Top of Data listing

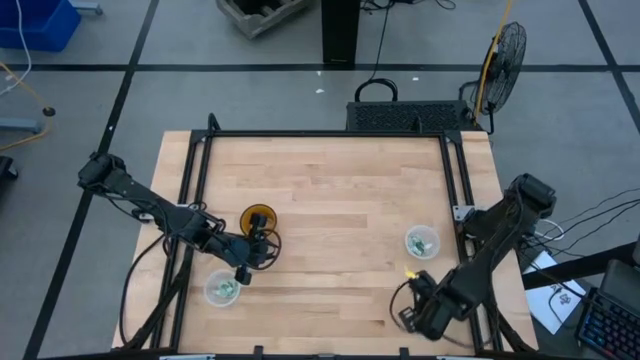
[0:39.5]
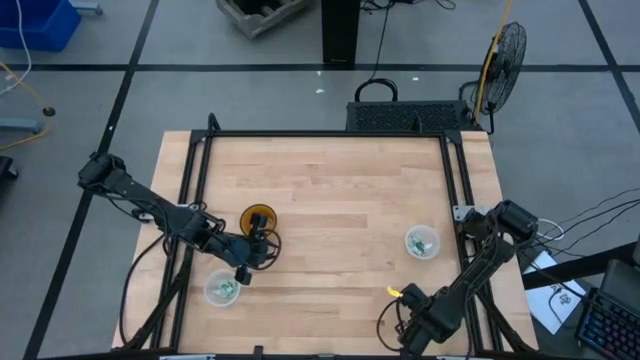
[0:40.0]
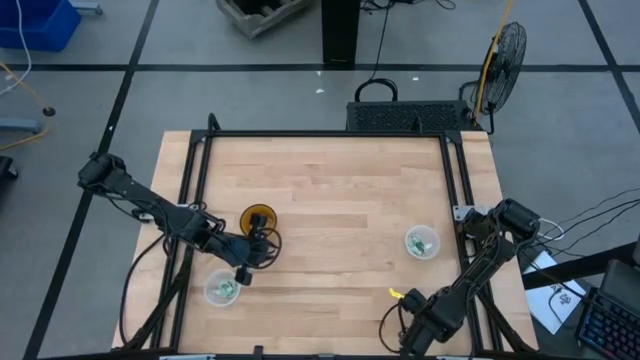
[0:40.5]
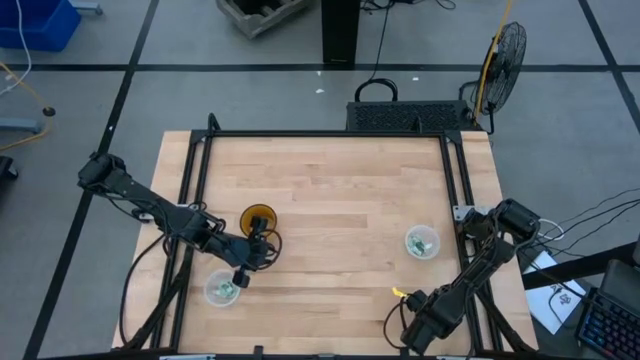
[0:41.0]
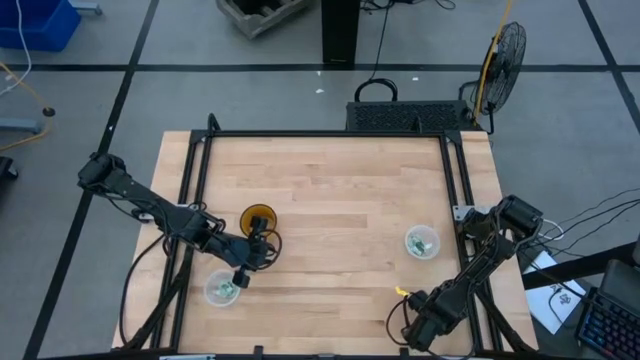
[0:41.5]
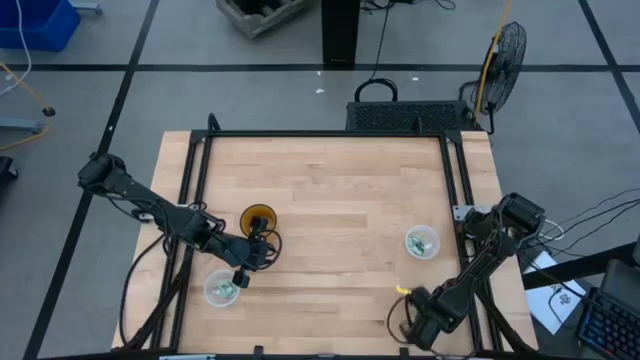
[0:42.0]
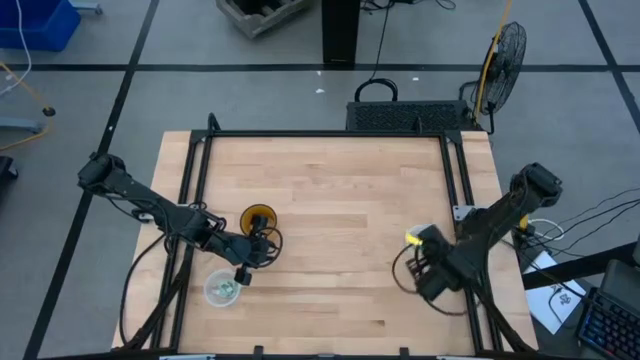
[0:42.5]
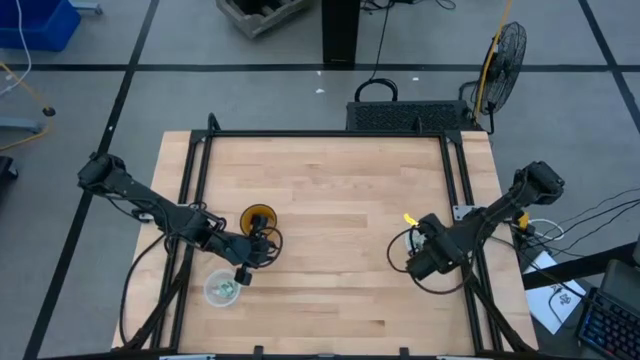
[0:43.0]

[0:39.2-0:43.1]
Task: Pick and place Stevia / Truvia into bins
Put the stevia packet into the right transparent container

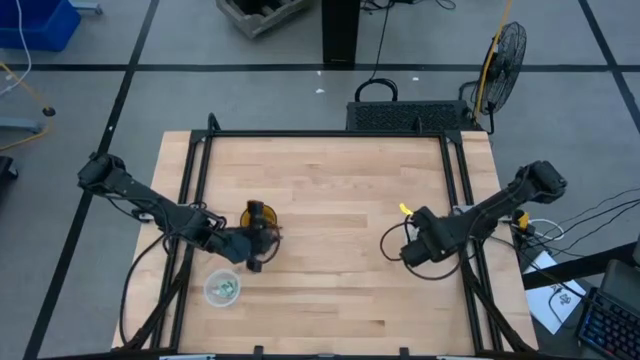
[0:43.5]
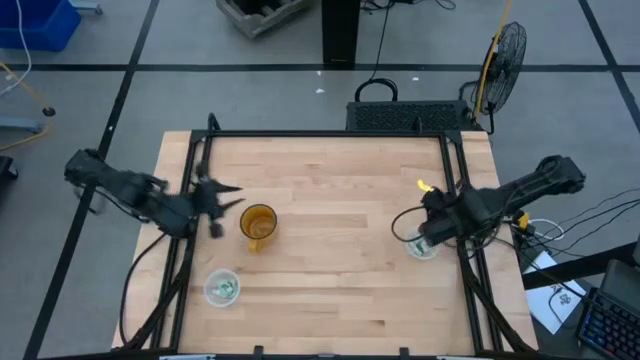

Bottom of Data listing

Action item | Transcribe the listing in full and omit the pictures.

Response to this exercise |
[0:39.5]
[0:40.0]
[0:40.5]
[0:41.0]
[0:41.5]
[0:42.0]
[0:42.5]
[0:43.0]

[0:39.2-0:43.1]
Task: Pick and place Stevia / Truvia into bins
Put the stevia packet into the right transparent container

[0:43.5]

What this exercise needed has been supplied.